# Well-supported PCI Express Wifi card?



## ecd (Jul 3, 2017)

I'm in the situation where my desktop needs to have wifi. It runs the latest RELEASE amd64 version of FreeBSD. I would much rather have wired ethernet, but it's rather difficult to run wires in my current setup.

Are there any well-supported, high quality desktop WiFi cards? I've been trying to cross-reference the Supported Devices list with online reviews, but it's a tedious process and I don't know if each "supported device" is supported to the same levels of performance/reliability. That is, are some barely functional while others are high-performance and reliable? The Supported Devices list also doesn't indicate which form-factor they are. I'm specifically looking for an PCIe card while many of the devices appear to be USB dongles.

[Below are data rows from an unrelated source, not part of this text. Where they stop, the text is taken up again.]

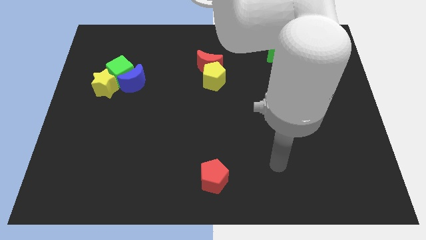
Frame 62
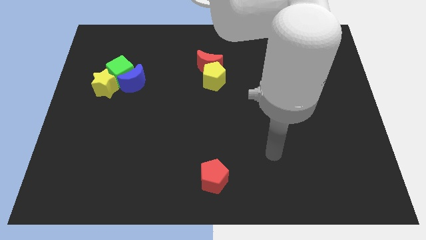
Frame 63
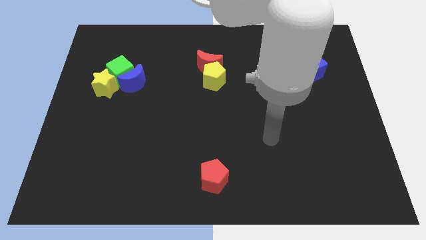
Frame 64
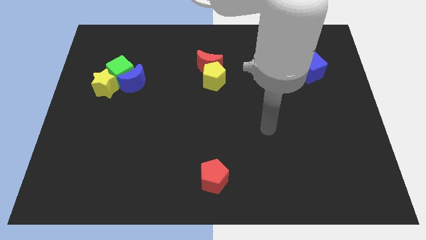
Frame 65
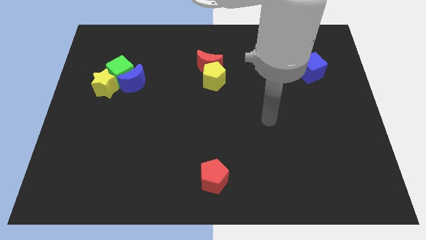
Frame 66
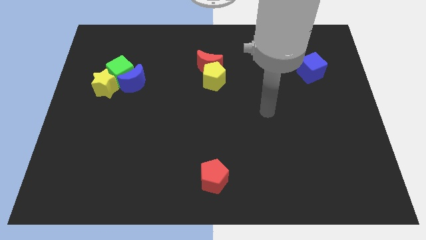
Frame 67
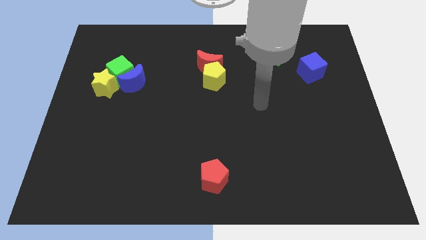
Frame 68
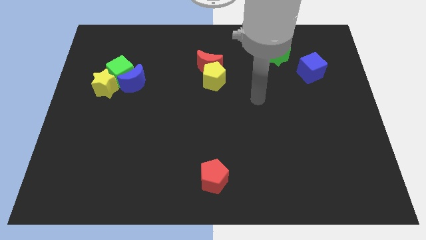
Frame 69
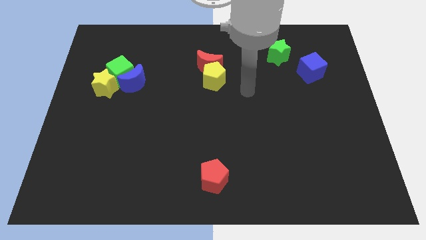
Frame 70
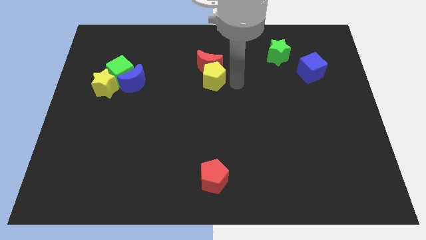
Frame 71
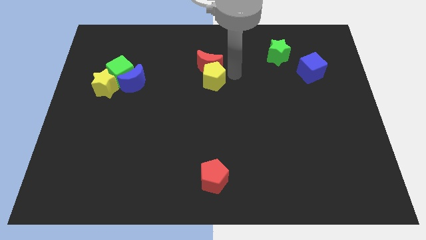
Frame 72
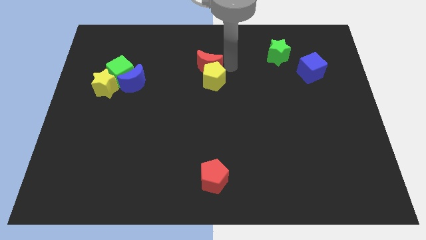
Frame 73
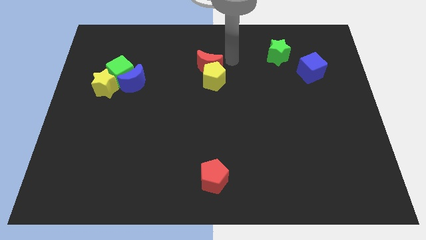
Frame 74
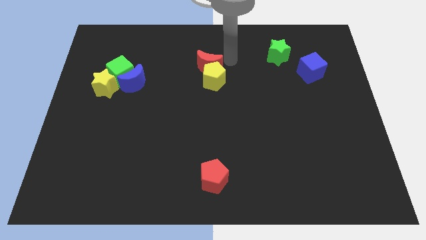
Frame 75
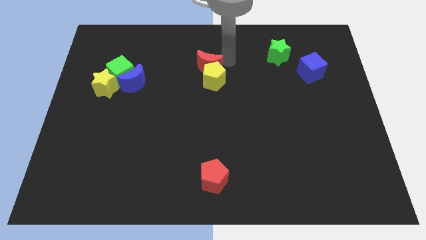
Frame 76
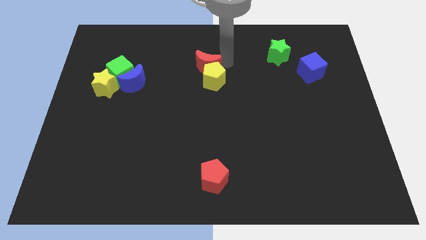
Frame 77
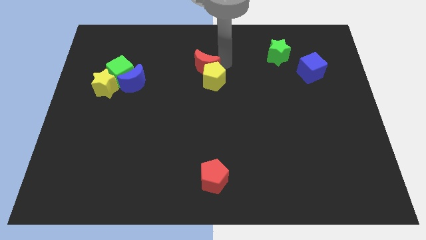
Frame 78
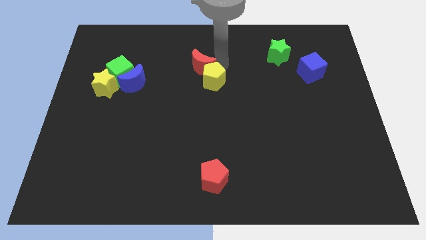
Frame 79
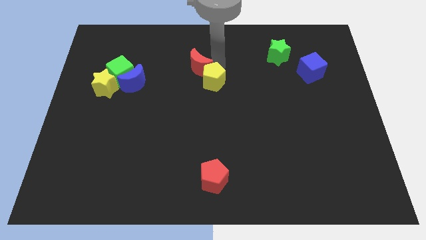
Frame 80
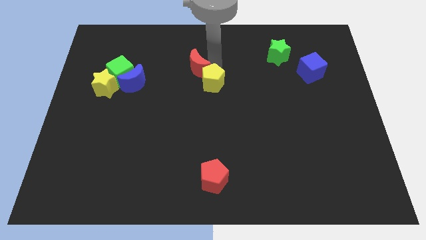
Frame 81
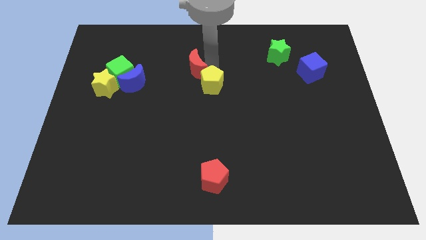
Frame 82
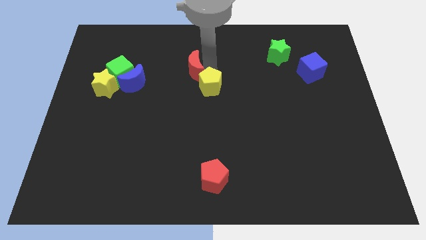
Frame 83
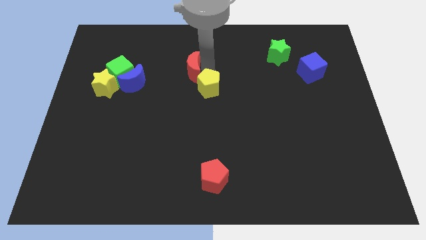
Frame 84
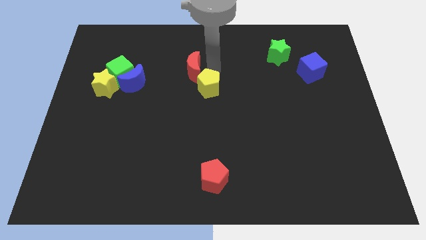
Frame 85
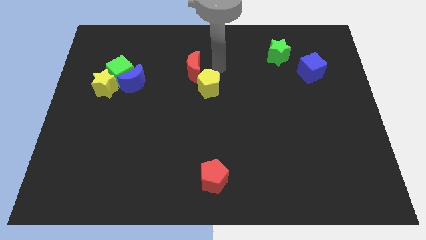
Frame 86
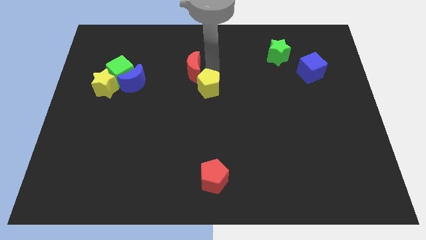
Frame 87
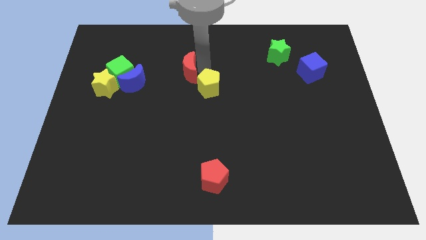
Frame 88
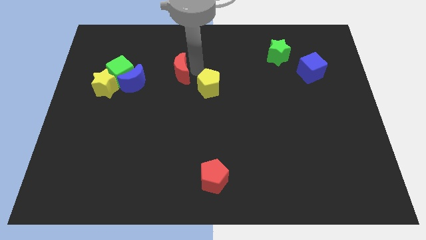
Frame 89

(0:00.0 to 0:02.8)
push the red moon right of the green cube

If there's not a specific card recommendation, are there brands/drivers I should avoid or favor? Broadcom? Atheros? Buffalo?


----------



## Phishfry (Jul 3, 2017)

Atheros is the best supported.
I have 2 preferred routes. One is a PCIe Card that takes MiniPCIe modules or an OEM card from HP like this:
http://www.ebay.com/itm/331649961742

Or build your own:
http://www.ebay.com/itm/182452589094
And then add anything you want. Ubiquity SR71E is a really nice card. Budget card is AR9380.


----------